In [1]:
import torch
from torch.optim import AdamW
from transformers import AutoTokenizer, AutoModelForSequenceClassification

# Set up the basic model
checkport = "bert-base-uncased"
tokenizer = AutoTokenizer.from_pretrained(checkport)
model = AutoModelForSequenceClassification.from_pretrained(checkport)

sequences = [
    "I have been waiting for a HuggingFace course my whole life.",
    "This course is amazing!"
]
batch = tokenizer(
    sequences,
    padding=True,
    truncation=True,
    return_tensors="pt"
)

# Fine-tuning setup
batch["labels"] = torch.tensor([1, 1])  # Add labels for supervised learning
optimizer = AdamW(model.parameters()) # Optimizer setup
loss = model(**batch).loss # forward pass to compute loss
loss.backward() # backward pass to compute gradients
optimizer.step() # update model parameters
print(f"Loss: {loss.item()}")

Some weights of BertForSequenceClassification were not initialized from the model checkpoint at bert-base-uncased and are newly initialized: ['classifier.bias', 'classifier.weight']
You should probably TRAIN this model on a down-stream task to be able to use it for predictions and inference.


Loss: 1.0611308813095093


In [2]:
# Load MRPC dataset
from datasets import load_dataset
raw_datasets = load_dataset("glue", "mrpc")
print(raw_datasets)
print(raw_datasets["train"][0])

README.md: 0.00B [00:00, ?B/s]

mrpc/train-00000-of-00001.parquet:   0%|          | 0.00/649k [00:00<?, ?B/s]

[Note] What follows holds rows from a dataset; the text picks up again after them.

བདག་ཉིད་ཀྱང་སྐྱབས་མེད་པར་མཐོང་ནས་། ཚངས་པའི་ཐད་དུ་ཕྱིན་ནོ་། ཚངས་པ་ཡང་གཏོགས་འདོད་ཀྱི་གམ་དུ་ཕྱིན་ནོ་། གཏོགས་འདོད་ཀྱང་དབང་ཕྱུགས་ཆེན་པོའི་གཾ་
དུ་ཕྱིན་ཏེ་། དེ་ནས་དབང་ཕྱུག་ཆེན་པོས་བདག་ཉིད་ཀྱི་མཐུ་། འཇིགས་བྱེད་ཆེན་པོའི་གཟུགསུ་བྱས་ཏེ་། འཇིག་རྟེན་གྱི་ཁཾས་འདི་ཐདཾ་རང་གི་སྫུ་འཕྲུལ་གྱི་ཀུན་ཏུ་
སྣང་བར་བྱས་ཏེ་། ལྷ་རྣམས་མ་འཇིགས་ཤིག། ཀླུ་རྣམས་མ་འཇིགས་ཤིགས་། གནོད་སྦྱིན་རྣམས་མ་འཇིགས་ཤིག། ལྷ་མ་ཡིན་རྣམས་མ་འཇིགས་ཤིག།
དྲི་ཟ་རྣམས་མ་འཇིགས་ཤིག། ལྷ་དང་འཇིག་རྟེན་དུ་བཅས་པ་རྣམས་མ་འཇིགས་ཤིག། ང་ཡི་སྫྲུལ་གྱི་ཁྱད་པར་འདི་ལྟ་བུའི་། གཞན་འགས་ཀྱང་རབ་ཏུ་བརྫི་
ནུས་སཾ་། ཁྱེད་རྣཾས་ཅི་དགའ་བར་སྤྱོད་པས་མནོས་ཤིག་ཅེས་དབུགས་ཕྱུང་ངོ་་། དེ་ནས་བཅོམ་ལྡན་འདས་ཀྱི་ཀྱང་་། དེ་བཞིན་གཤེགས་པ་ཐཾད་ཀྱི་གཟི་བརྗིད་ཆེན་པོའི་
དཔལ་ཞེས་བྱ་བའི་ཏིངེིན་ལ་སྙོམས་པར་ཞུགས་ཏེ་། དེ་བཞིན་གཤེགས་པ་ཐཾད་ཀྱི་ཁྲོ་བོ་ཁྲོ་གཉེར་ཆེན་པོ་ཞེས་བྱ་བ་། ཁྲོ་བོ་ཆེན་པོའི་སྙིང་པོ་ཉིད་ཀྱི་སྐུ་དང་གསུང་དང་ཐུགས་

mrpc/validation-00000-of-00001.parquet:   0%|          | 0.00/75.7k [00:00<?, ?B/s]

mrpc/test-00000-of-00001.parquet:   0%|          | 0.00/308k [00:00<?, ?B/s]

Generating train split:   0%|          | 0/3668 [00:00<?, ? examples/s]

Generating validation split:   0%|          | 0/408 [00:00<?, ? examples/s]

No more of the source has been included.